(Saved entries)
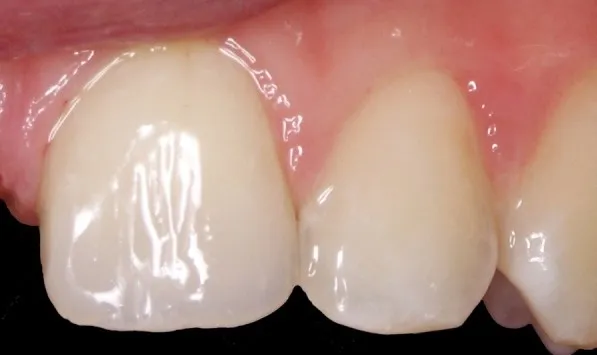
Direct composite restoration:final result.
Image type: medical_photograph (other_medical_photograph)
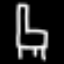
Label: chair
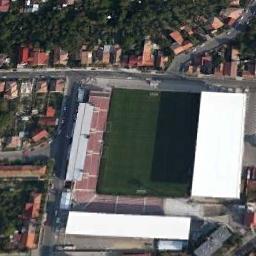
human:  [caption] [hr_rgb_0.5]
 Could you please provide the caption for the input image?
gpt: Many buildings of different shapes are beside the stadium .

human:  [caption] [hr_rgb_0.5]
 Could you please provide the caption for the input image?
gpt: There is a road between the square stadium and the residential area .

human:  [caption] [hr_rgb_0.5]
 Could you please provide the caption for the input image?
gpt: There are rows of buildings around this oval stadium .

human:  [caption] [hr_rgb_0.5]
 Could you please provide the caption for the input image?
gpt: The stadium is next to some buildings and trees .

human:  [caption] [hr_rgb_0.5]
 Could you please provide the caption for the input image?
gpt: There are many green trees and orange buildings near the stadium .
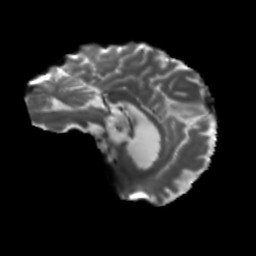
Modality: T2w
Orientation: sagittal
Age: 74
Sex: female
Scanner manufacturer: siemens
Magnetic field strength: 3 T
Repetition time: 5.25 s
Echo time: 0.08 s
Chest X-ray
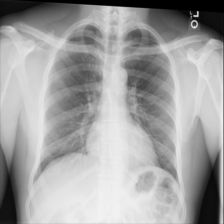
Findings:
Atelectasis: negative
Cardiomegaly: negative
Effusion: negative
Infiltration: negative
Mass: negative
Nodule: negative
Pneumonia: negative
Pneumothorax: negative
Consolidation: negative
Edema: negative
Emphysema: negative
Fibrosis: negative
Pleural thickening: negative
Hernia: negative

* _Assignment_
Going by the entries above, repeat exactly the lines that start at the line with "Image type: medical_photograph" and go on through the line with "gpt: There are rows". Pictures are not part of the copy.

* _Result of the exercise_
Image type: medical_photograph (other_medical_photograph)
Label: chair
human:  [caption] [hr_rgb_0.5]
 Could you please provide the caption for the input image?
gpt: Many buildings of different shapes are beside the stadium .

human:  [caption] [hr_rgb_0.5]
 Could you please provide the caption for the input image?
gpt: There is a road between the square stadium and the residential area .

human:  [caption] [hr_rgb_0.5]
 Could you please provide the caption for the input image?
gpt: There are rows of buildings around this oval stadium .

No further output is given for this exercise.